Our Mission Amid Climate Crisis

For EEN, Moerman teaches pastors to include climate change in their ministry. Creation care is one avenue to pursue an expression of God’s mission on Earth, she said, and climate action is just the next step.

She encourages pastors to find out their local climate impacts and make that connection in sermons. “At the end of the day, our churches are engines for serving our local communities, so when it comes to action, who are the people and places and problems that you’re already called to serve, and what’s a climate solution you can put in place?” she asked.

Is it planting a tree in the right place?
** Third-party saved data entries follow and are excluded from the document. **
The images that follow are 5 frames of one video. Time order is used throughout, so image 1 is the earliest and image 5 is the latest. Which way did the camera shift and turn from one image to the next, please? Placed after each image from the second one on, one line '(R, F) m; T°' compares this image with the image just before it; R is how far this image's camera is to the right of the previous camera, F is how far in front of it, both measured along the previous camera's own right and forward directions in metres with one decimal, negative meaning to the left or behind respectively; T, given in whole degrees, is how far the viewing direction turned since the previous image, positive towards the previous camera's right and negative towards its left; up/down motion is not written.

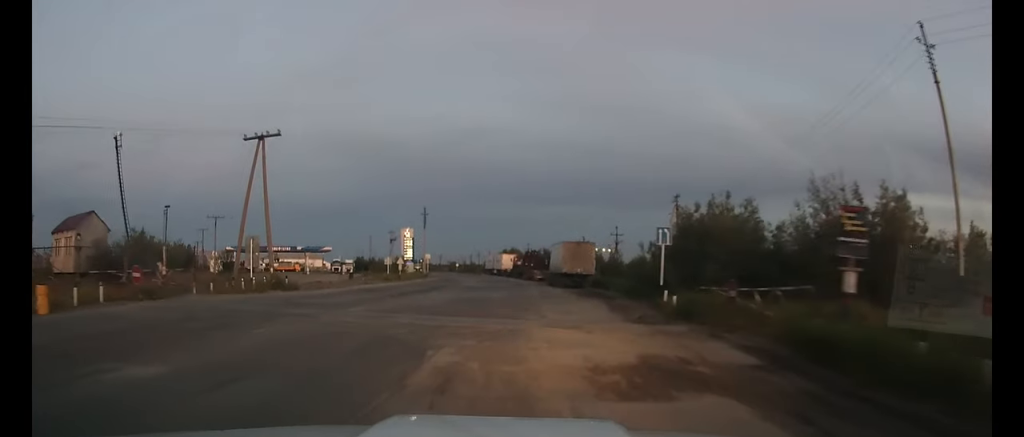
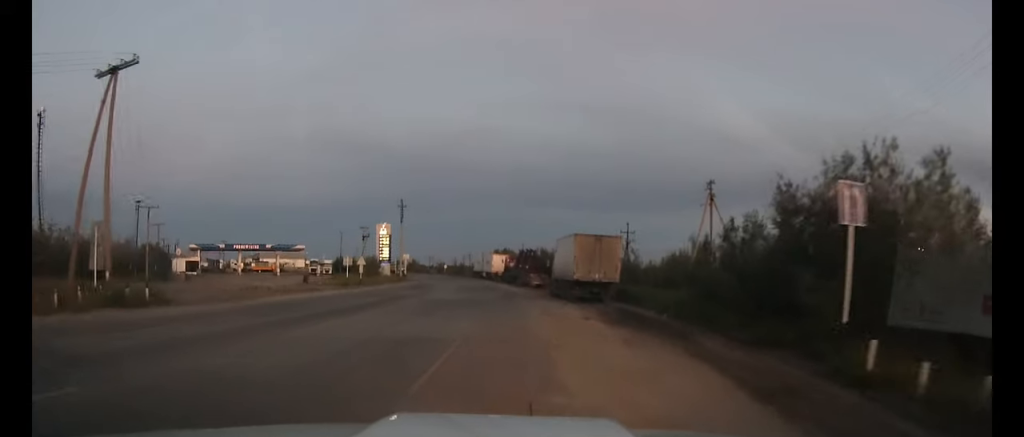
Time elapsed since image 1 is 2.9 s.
(-0.2, +16.7) m; -1°
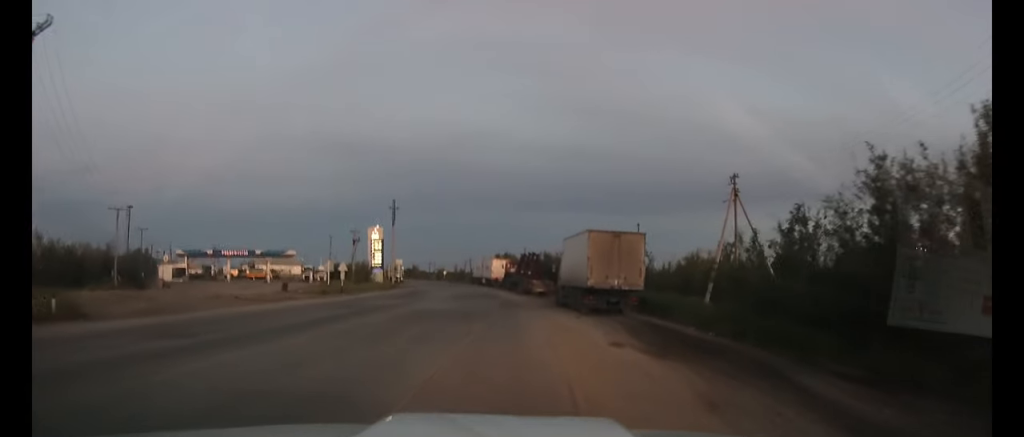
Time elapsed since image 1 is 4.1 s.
(0.0, +5.8) m; 0°
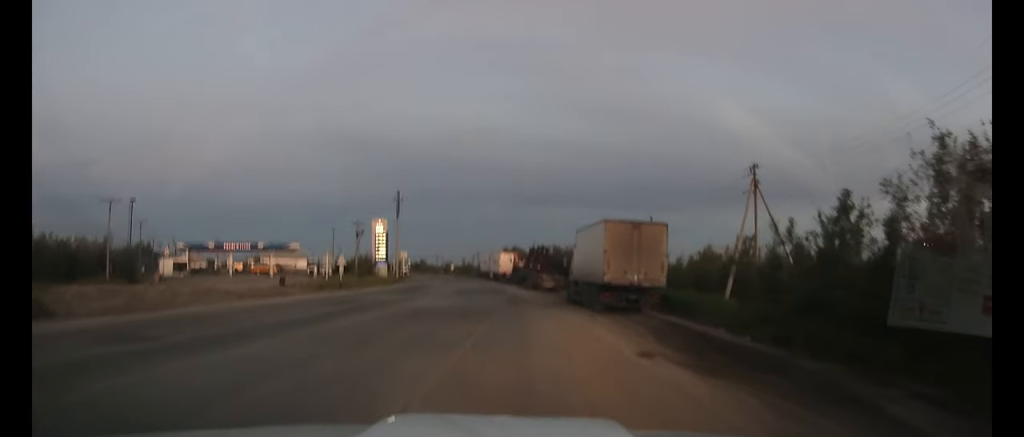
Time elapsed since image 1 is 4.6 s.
(0.0, +2.2) m; 0°
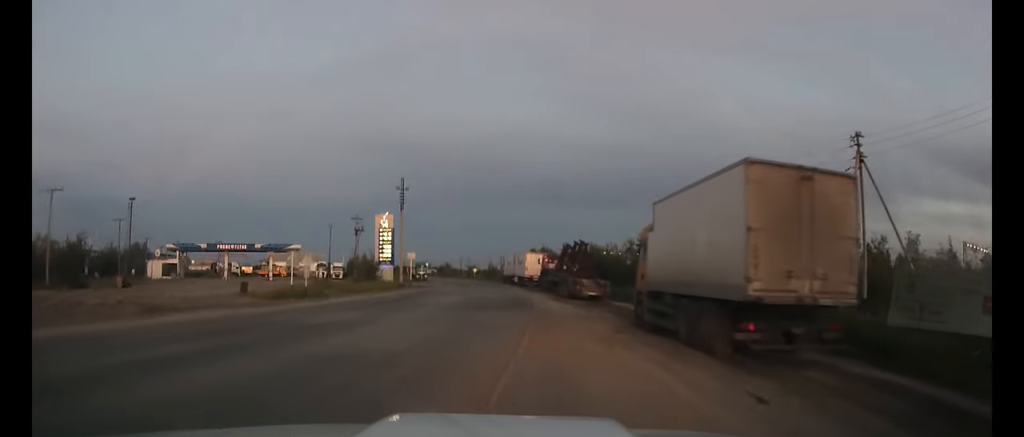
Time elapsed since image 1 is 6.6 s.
(-0.3, +11.3) m; -3°
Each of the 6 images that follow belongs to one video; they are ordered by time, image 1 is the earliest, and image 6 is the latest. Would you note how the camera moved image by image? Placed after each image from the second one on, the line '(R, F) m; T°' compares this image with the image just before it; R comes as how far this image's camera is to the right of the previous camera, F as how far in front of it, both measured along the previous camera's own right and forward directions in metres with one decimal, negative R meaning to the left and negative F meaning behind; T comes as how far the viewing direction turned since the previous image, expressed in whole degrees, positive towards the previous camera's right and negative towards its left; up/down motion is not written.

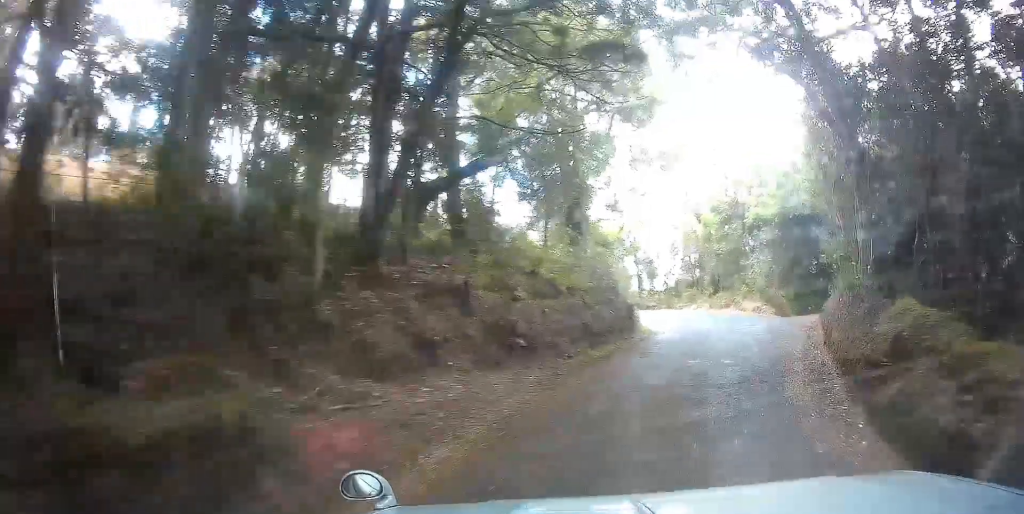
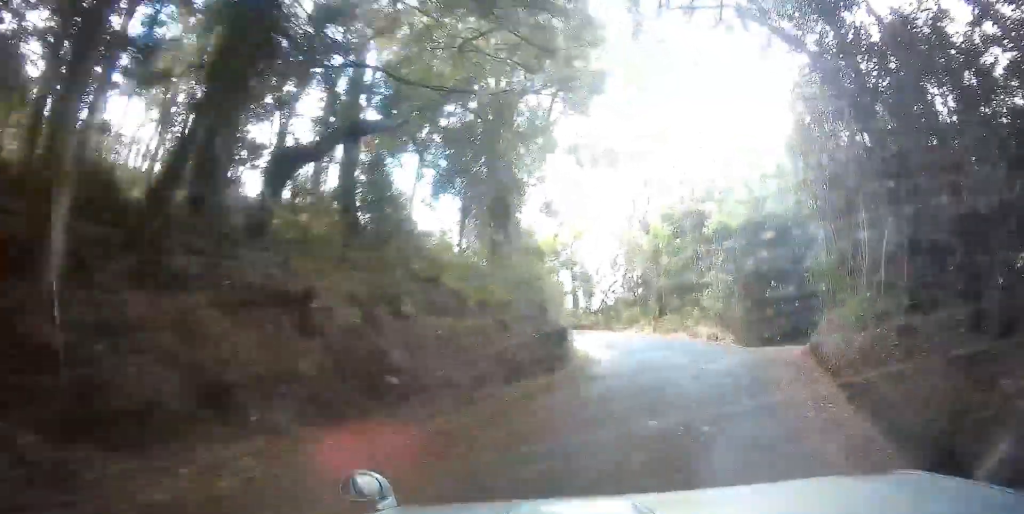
(+0.6, +2.7) m; +7°
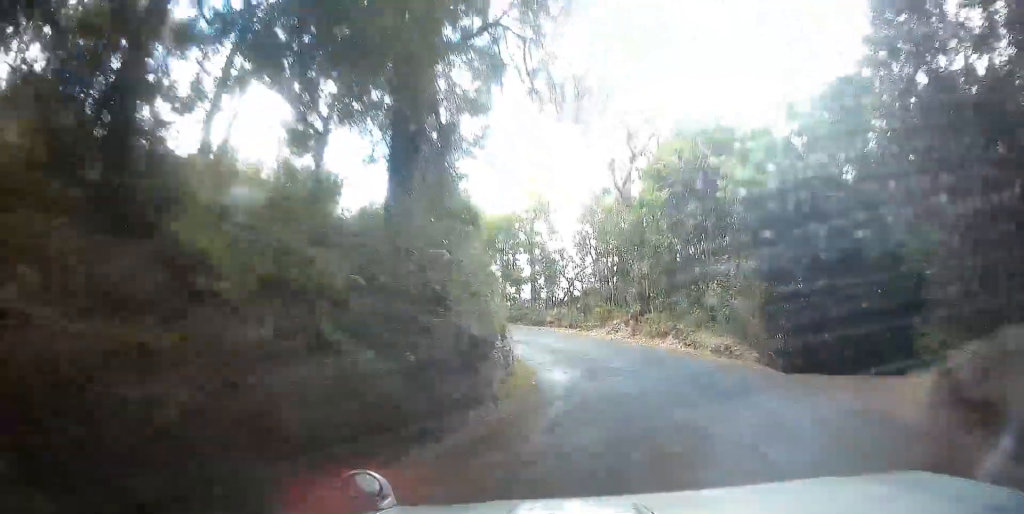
(+0.3, +5.0) m; +7°
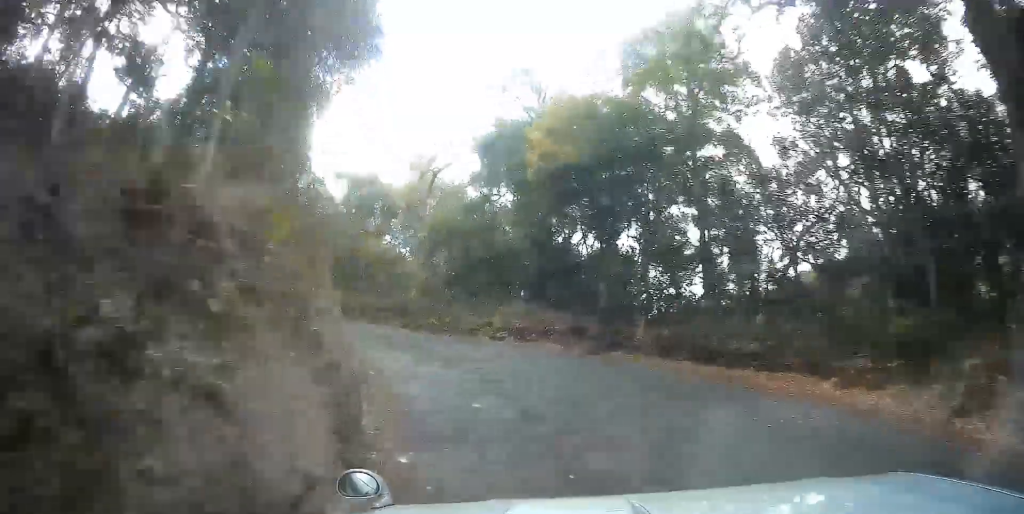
(-0.4, +17.4) m; -13°
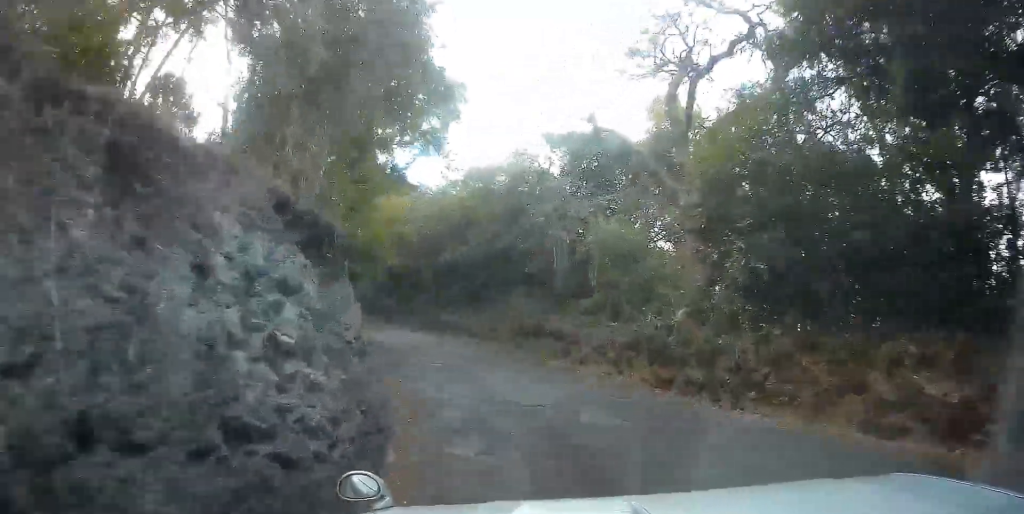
(-2.2, +11.8) m; -23°
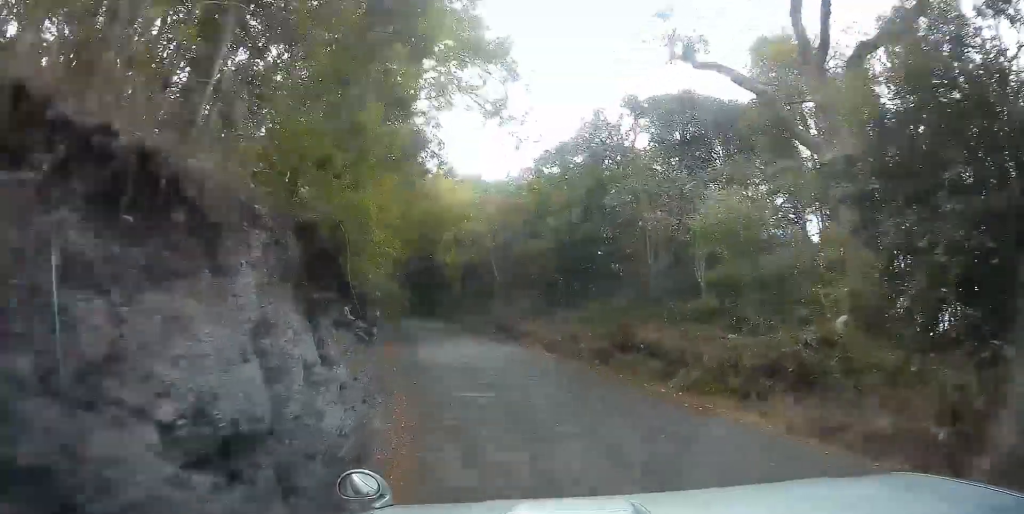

Helping neighbors make their homes more energy efficient? Reducing food insecurity through food drives or pantries? “I love all the cascading benefits that come from looking at our ministries with a creation care or climate lens,” she said.

Like me and my colleagues, Moerman has seen the stats. She knows that fewer evangelicals accept climate science than the rest of the American public. That doesn’t discourage her. Instead, she sees the 86 percent who already understand a creation care mandate as the ceiling that could be reached: “We could reach 86 percent of the evangelical community if we talk about this in a way that meets them where they are at, rooted in their faith tradition and talk about why this matters,” she said.

That’s the opportunity of being on mission.